• _THE INPUT_:
---+---

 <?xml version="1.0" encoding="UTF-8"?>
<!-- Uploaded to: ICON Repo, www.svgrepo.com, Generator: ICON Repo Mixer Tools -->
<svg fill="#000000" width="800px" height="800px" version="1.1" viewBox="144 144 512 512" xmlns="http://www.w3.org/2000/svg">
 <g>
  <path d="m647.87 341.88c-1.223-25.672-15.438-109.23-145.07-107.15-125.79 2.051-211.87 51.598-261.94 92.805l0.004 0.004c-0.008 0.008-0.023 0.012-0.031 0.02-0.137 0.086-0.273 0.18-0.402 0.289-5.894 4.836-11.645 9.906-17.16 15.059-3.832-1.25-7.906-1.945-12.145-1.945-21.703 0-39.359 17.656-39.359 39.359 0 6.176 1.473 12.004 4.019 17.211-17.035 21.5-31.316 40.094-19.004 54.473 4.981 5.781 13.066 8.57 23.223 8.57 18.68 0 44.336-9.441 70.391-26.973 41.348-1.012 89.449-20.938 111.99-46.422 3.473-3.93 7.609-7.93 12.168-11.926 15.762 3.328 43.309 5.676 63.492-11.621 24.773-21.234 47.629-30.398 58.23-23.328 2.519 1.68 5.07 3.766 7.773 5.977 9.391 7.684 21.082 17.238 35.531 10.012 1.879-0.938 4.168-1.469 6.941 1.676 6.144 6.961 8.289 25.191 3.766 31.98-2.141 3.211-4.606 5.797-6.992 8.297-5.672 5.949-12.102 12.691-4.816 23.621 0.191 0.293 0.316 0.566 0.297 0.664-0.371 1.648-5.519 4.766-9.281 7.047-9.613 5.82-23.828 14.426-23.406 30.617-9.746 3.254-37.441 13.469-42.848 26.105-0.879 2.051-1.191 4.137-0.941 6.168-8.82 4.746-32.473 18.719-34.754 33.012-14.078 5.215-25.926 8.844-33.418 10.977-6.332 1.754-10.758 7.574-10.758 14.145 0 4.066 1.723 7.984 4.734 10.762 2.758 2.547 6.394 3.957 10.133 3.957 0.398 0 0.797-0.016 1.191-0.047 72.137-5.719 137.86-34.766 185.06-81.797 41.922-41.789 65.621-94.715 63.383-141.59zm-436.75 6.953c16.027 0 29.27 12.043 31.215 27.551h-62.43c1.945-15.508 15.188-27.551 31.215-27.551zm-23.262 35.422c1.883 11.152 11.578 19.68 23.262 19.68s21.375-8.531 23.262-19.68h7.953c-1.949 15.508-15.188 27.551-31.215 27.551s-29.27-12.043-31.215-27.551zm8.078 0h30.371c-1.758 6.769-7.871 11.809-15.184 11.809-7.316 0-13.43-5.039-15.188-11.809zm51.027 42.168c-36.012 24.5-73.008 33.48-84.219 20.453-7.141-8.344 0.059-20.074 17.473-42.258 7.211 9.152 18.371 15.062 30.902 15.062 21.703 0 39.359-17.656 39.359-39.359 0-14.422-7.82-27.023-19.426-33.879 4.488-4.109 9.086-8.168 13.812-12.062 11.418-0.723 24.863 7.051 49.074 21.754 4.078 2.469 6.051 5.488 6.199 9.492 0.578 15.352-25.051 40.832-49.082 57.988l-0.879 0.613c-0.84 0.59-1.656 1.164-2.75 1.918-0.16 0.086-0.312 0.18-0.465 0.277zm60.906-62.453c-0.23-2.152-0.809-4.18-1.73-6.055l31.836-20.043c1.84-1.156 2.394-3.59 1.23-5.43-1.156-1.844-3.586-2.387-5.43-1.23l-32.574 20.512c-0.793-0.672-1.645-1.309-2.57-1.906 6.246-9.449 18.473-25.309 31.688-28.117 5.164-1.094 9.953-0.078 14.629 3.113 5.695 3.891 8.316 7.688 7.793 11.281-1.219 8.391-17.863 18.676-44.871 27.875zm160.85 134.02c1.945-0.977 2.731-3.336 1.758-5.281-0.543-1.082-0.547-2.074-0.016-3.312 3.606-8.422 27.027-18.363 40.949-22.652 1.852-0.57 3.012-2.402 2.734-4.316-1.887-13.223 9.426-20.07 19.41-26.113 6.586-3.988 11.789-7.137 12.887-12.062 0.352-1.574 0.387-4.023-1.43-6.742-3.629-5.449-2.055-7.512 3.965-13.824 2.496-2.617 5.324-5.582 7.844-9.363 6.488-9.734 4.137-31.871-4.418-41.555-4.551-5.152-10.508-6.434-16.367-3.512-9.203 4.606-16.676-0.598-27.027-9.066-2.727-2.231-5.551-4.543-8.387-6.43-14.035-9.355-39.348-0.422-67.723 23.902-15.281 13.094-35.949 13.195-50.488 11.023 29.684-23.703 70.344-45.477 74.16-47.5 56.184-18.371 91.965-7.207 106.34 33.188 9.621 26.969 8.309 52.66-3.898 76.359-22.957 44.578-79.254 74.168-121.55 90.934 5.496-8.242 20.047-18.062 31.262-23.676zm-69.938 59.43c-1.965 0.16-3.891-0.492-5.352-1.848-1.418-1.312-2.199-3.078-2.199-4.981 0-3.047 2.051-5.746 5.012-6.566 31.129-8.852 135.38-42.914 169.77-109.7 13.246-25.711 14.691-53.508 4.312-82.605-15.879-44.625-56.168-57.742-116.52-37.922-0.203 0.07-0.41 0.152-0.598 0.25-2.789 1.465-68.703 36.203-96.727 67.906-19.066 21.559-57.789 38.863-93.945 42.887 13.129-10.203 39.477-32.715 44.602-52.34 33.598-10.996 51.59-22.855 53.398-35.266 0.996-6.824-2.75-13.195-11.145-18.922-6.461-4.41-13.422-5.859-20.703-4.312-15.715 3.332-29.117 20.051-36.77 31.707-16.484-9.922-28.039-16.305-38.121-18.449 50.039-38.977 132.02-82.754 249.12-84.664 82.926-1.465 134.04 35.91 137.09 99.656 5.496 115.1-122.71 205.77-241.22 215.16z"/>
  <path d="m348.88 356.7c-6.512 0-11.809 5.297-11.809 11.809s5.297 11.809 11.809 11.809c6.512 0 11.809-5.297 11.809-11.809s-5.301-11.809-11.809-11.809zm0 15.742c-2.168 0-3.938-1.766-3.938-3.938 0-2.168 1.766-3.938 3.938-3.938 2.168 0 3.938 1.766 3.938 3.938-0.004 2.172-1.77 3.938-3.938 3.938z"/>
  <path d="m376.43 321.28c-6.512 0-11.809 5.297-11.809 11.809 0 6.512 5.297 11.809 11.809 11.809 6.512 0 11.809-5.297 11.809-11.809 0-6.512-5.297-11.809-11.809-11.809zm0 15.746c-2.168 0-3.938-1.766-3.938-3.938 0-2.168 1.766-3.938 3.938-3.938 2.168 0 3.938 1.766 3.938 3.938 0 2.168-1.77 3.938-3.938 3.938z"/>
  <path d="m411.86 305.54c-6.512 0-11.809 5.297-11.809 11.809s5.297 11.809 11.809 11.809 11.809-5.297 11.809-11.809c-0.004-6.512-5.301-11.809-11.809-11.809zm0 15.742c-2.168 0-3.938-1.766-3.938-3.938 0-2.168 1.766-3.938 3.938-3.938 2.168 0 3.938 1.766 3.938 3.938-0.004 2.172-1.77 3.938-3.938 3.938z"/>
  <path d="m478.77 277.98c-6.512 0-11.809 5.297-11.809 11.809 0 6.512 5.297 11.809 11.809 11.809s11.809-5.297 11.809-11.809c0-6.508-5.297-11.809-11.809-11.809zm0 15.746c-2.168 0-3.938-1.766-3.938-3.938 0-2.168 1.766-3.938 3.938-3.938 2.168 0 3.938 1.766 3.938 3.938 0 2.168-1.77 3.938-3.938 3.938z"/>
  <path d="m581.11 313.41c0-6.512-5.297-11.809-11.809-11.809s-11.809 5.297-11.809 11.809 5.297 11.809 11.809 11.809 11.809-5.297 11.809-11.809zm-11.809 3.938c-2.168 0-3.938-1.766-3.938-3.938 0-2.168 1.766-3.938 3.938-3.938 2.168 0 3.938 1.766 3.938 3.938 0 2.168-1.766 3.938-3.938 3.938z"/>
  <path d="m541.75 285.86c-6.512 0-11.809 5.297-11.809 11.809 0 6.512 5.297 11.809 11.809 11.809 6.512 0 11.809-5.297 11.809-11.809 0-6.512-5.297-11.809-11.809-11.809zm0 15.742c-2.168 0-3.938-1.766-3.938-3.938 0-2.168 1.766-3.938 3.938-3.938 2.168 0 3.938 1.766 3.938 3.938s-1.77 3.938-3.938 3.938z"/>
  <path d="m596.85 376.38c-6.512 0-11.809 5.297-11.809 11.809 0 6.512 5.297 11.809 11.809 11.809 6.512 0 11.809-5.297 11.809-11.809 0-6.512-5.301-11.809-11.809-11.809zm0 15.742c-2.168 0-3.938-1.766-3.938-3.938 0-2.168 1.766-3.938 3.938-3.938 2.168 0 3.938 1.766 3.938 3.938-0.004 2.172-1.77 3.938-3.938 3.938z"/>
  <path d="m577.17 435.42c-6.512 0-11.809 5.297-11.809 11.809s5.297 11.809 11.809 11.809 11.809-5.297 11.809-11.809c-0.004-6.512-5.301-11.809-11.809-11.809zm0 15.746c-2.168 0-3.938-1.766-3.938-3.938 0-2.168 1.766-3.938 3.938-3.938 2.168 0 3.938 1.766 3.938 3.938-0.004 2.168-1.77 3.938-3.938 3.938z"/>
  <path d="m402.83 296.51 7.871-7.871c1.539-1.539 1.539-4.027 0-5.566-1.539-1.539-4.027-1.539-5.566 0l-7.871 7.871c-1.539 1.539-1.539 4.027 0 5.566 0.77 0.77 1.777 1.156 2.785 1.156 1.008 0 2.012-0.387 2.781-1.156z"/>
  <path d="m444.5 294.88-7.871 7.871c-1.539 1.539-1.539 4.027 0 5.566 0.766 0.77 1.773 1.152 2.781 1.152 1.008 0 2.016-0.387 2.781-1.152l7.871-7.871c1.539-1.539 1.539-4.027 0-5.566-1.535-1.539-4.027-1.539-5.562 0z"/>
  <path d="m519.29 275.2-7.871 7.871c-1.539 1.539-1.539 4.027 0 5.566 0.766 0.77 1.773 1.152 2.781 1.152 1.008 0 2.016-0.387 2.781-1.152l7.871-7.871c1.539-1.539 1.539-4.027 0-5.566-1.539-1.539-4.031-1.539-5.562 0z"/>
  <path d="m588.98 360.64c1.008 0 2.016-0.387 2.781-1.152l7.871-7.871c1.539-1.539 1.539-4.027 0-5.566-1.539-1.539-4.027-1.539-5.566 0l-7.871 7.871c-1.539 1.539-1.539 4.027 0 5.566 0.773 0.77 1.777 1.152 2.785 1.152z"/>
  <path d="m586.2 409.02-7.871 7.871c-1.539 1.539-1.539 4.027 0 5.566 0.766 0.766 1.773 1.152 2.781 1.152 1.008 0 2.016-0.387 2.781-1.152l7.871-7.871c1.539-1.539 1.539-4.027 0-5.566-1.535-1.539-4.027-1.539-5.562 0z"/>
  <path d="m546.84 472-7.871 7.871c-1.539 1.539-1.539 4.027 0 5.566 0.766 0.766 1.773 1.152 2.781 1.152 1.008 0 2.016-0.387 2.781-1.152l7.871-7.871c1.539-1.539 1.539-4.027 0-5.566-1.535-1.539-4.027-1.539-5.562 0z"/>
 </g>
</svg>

---+---

• _TASK TO COMPLETE_: Search each line of the data above for "version", and copy the lines where it occurs.

• _EXERCISE RESULT_:
 <?xml version="1.0" encoding="UTF-8"?>
<svg fill="#000000" width="800px" height="800px" version="1.1" viewBox="144 144 512 512" xmlns="http://www.w3.org/2000/svg">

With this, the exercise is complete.